++++ DATASET ++++

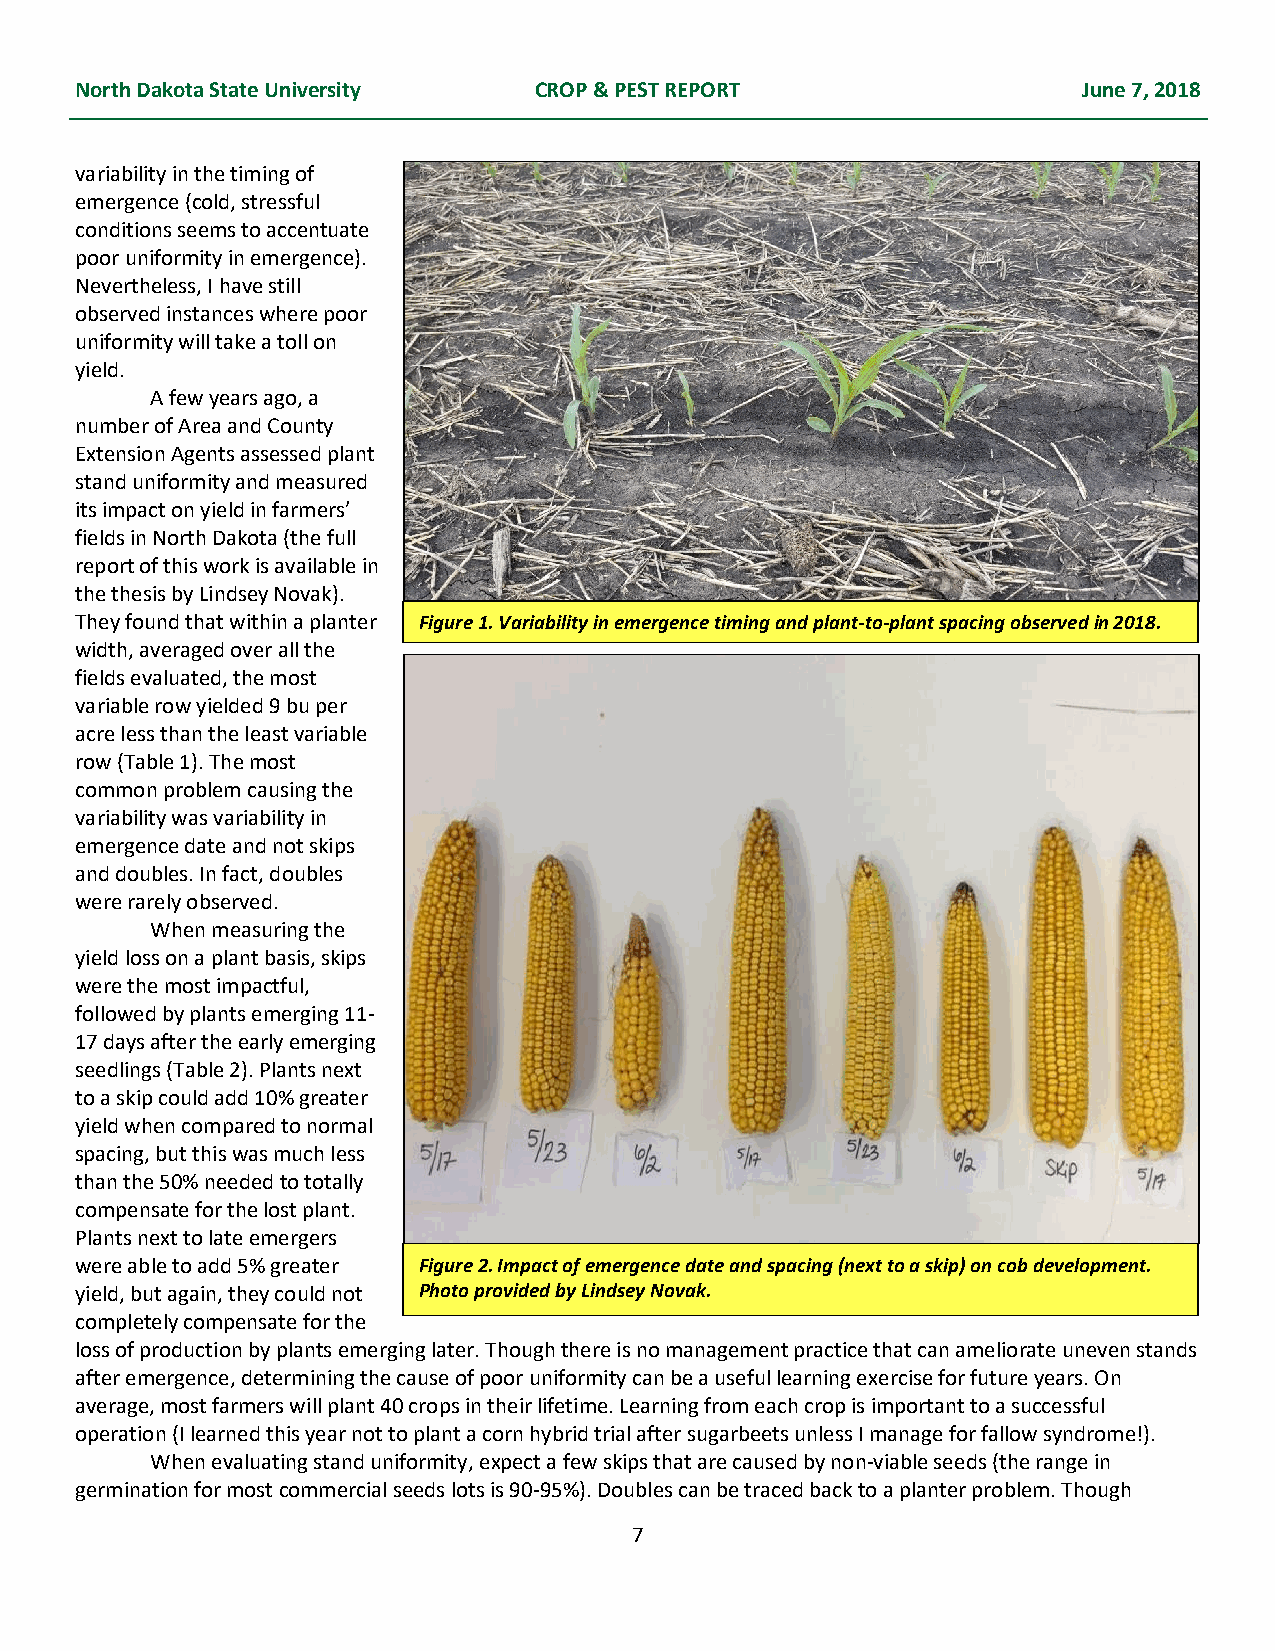
North Dakota State University CROP & PEST REPORT                   June 7, 2018
 variability in the timing of
 emergence (cold, stressful
 conditions seems to accentuate
 poor uniformity in emergence).
 Nevertheless, I have still
 observed instances where poor
 uniformity will take a toll on
 yield.
 A few years ago, a
 number of Area and County
 Extension Agents assessed plant
 stand uniformity and measured
 its impact on yield in farmers’
 fields in North Dakota (the full
 report of this work is available in
 the thesis by Lindsey Novak).
 They found that within a planter Figure 1. Variability in emergence timing and plant-to-plant spacing observed in 2018.
 width, averaged over all the
 fields evaluated, the most
 variable row yielded 9 bu per
 acre less than the least variable
 row (Table 1). The most
 common problem causing the
 variability was variability in
 emergence date and not skips
 and doubles. In fact, doubles
 were rarely observed.
 When measuring the
 yield loss on a plant basis, skips
 were the most impactful,
 followed by plants emerging 11-
 17 days after the early emerging
 seedlings (Table 2). Plants next
 to a skip could add 10% greater
 yield when compared to normal
 spacing, but this was much less
 than the 50% needed to totally
 compensate for the lost plant.
 Plants next to late emergers
 were able to add 5% greater Figure 2. Impact of emergence date and spacing (next to a skip) on cob development.
 yield, but again, they could not Photo provided by Lindsey Novak.
 completely compensate for the
 loss of production by plants emerging later. Though there is no management practice that can ameliorate uneven stands
 after emergence, determining the cause of poor uniformity can be a useful learning exercise for future years. On
 average, most farmers will plant 40 crops in their lifetime. Learning from each crop is important to a successful
 operation (I learned this year not to plant a corn hybrid trial after sugarbeets unless I manage for fallow syndrome!).
 When evaluating stand uniformity, expect a few skips that are caused by non-viable seeds (the range in
 germination for most commercial seeds lots is 90-95%). Doubles can be traced back to a planter problem. Though
 7
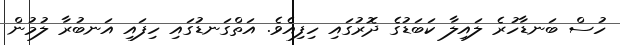
ހުސް ބަނޑާހުރެ ލައިލާ ކަބަޑުގެ ދޮރުގައި ހިފިއެވެ. އަތްގަނޑުގައި ހިފައި އަނބުރާ ލުމުން

++++

WORK INSTRUCTION.
Leave out any pictures, please, and quote only the lines from the top of the data through the line that contains "stand uniformity and measured".

SOLVED EXERCISE.
North Dakota State University CROP & PEST REPORT                   June 7, 2018
 variability in the timing of
 emergence (cold, stressful
 conditions seems to accentuate
 poor uniformity in emergence).
 Nevertheless, I have still
 observed instances where poor
 uniformity will take a toll on
 yield.
 A few years ago, a
 number of Area and County
 Extension Agents assessed plant
 stand uniformity and measured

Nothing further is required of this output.